## [Exercise]
Would you return each entry exactly as written, omitting any pictures?

[Stored entries]

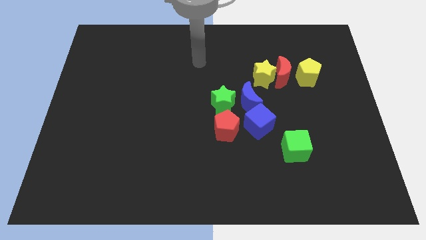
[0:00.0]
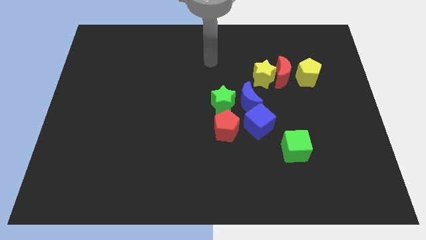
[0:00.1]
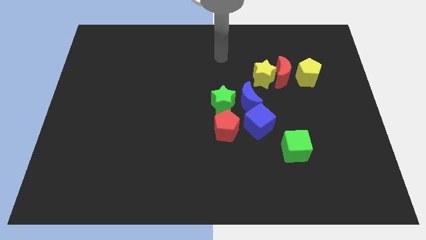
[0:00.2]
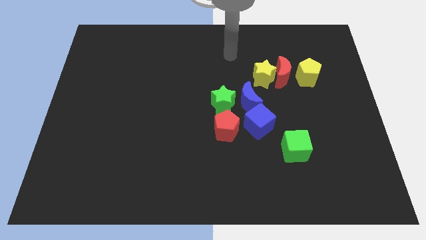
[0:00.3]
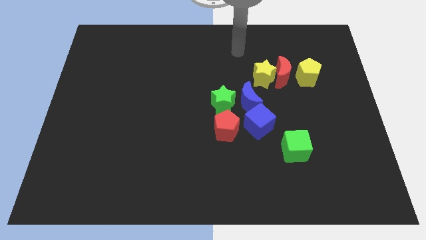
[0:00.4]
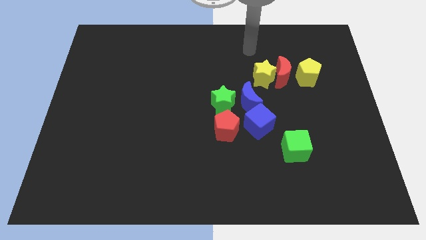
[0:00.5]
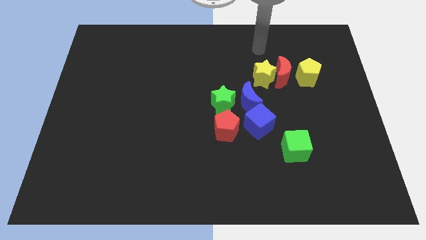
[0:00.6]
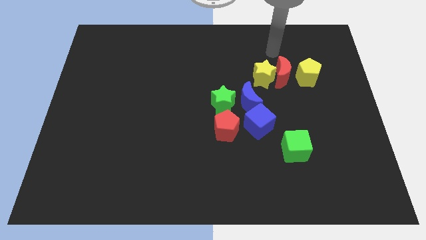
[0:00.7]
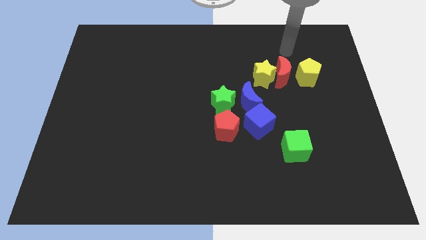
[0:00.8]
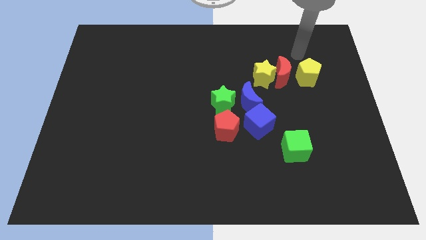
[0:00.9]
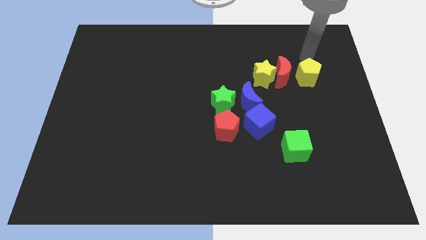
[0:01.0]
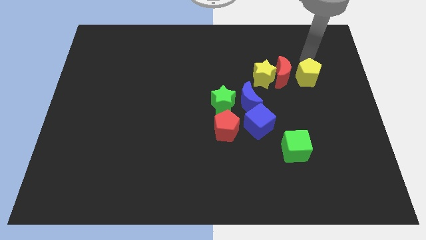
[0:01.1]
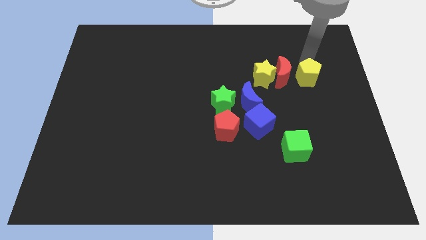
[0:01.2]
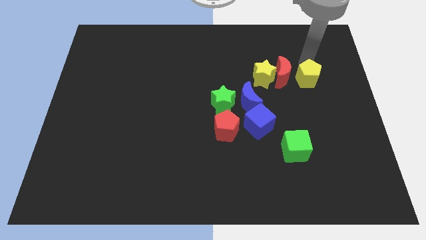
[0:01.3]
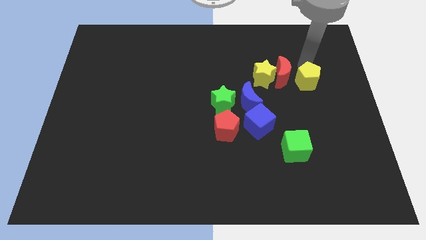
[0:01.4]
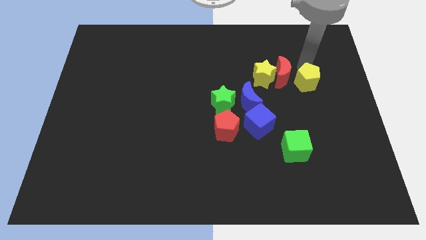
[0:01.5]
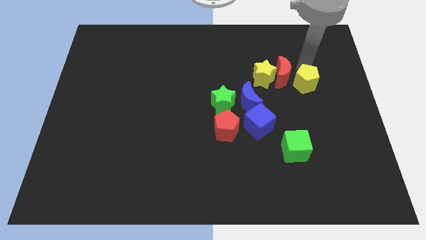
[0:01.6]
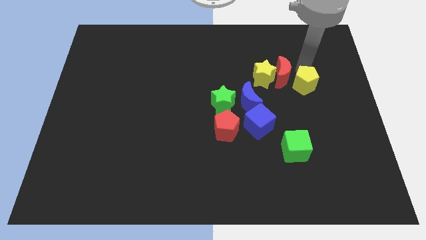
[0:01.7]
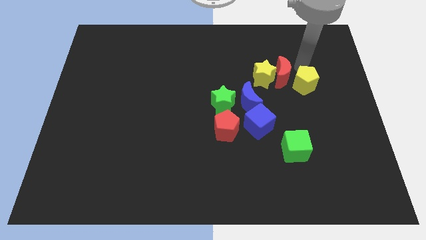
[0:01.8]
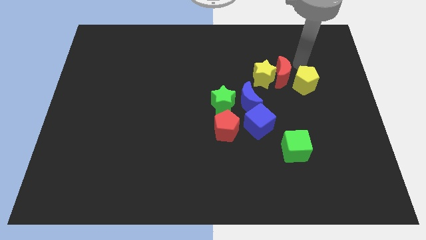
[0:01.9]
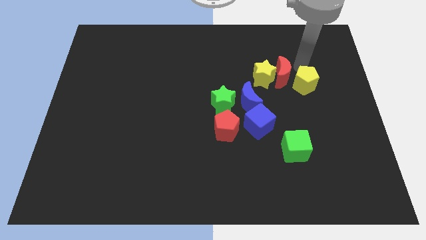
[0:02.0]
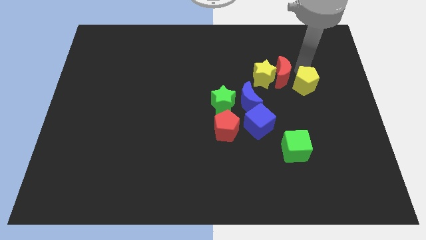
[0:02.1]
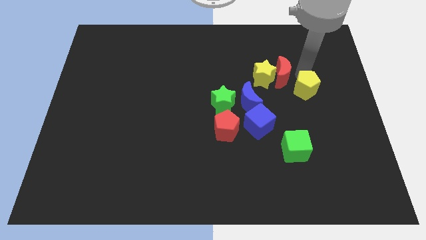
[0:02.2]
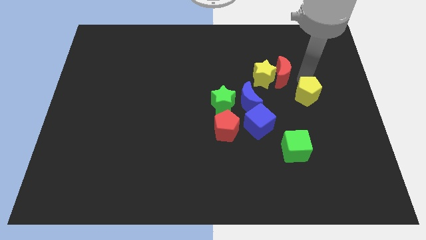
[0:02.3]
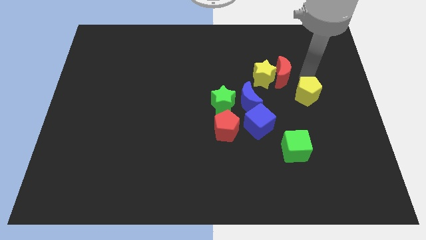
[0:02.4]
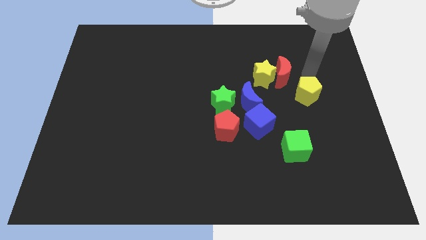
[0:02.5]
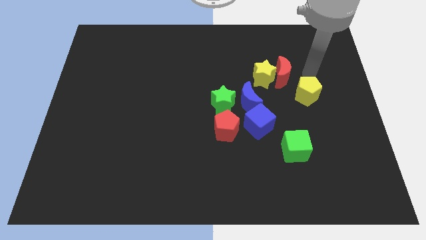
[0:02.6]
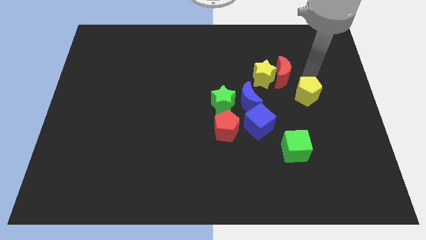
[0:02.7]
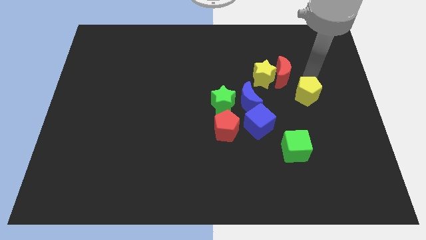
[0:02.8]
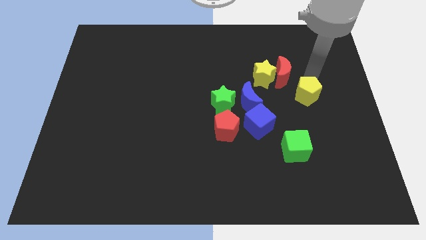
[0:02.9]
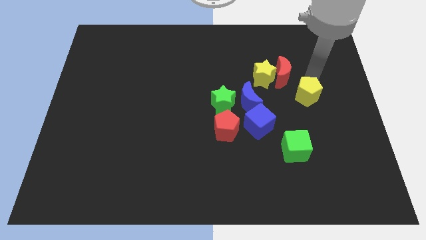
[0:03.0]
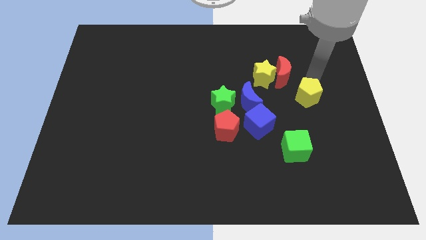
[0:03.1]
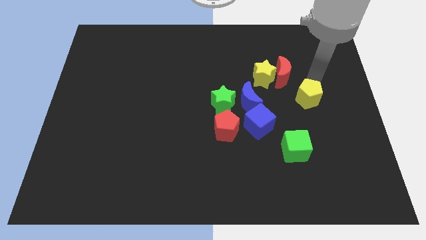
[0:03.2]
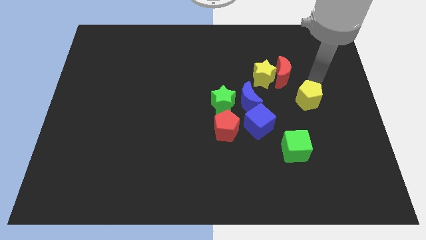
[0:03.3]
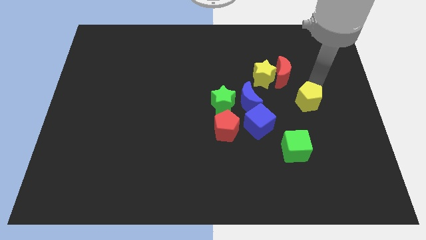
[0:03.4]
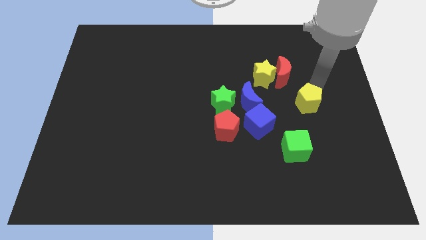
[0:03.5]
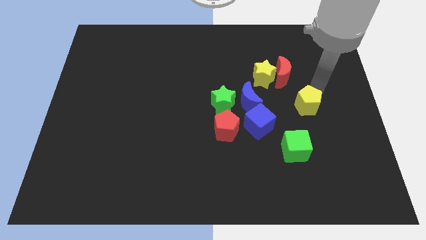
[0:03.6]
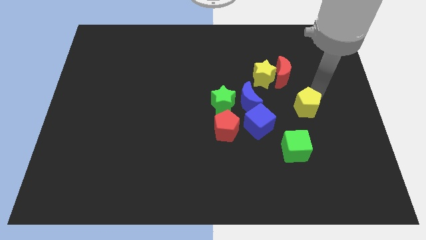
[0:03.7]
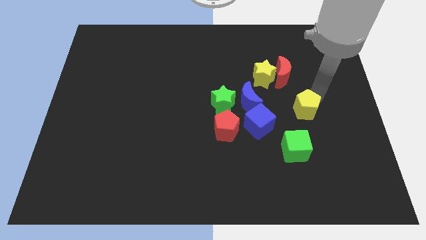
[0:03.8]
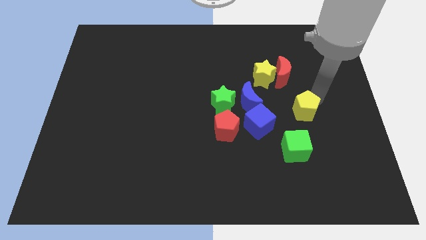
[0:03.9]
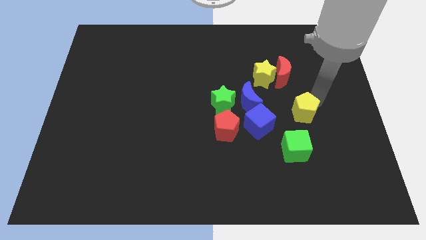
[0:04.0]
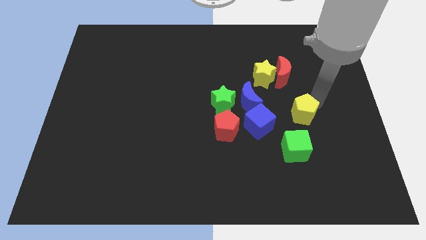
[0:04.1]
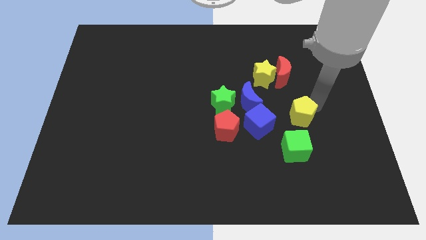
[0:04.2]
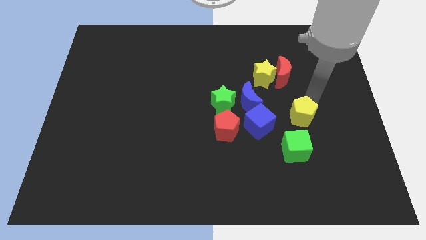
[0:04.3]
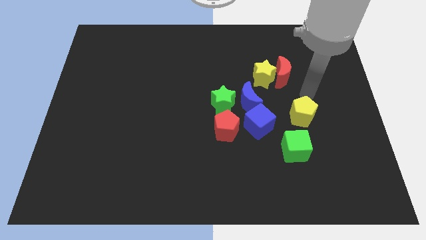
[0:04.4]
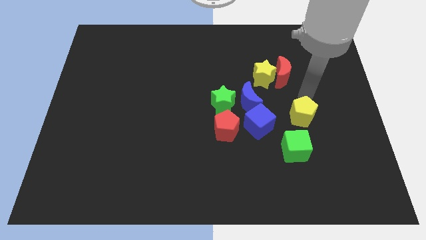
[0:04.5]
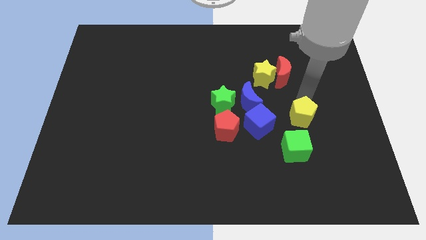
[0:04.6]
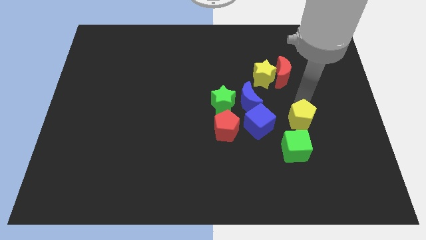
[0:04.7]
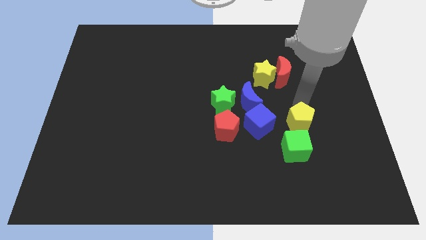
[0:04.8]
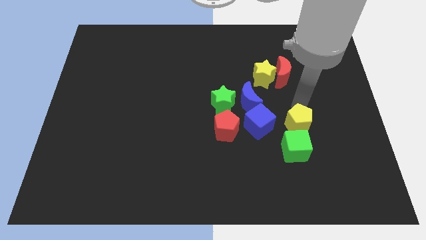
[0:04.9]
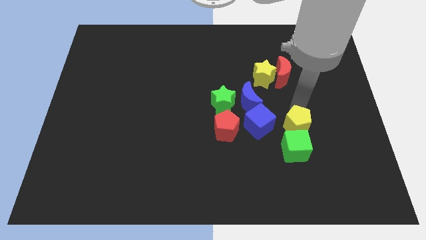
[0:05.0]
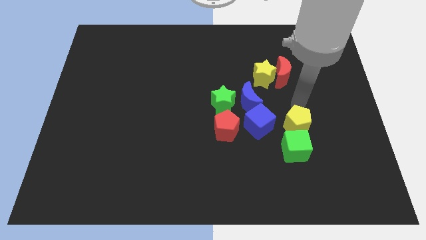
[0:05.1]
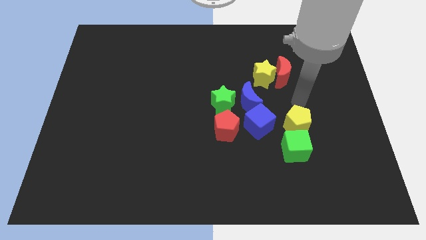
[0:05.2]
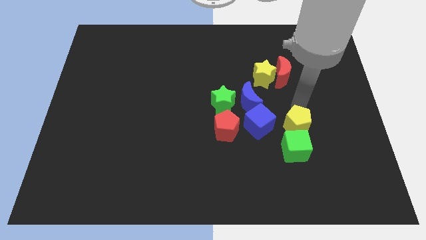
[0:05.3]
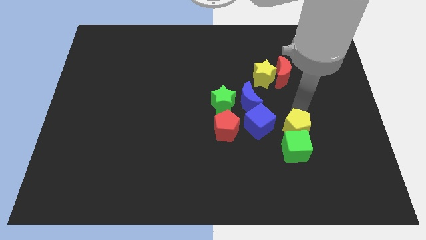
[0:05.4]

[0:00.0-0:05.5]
put the yellow pentagon towards the green cube

## [Result of this task]
[0:00.0]
[0:00.1]
[0:00.2]
[0:00.3]
[0:00.4]
[0:00.5]
[0:00.6]
[0:00.7]
[0:00.8]
[0:00.9]
[0:01.0]
[0:01.1]
[0:01.2]
[0:01.3]
[0:01.4]
[0:01.5]
[0:01.6]
[0:01.7]
[0:01.8]
[0:01.9]
[0:02.0]
[0:02.1]
[0:02.2]
[0:02.3]
[0:02.4]
[0:02.5]
[0:02.6]
[0:02.7]
[0:02.8]
[0:02.9]
[0:03.0]
[0:03.1]
[0:03.2]
[0:03.3]
[0:03.4]
[0:03.5]
[0:03.6]
[0:03.7]
[0:03.8]
[0:03.9]
[0:04.0]
[0:04.1]
[0:04.2]
[0:04.3]
[0:04.4]
[0:04.5]
[0:04.6]
[0:04.7]
[0:04.8]
[0:04.9]
[0:05.0]
[0:05.1]
[0:05.2]
[0:05.3]
[0:05.4]

[0:00.0-0:05.5]
put the yellow pentagon towards the green cube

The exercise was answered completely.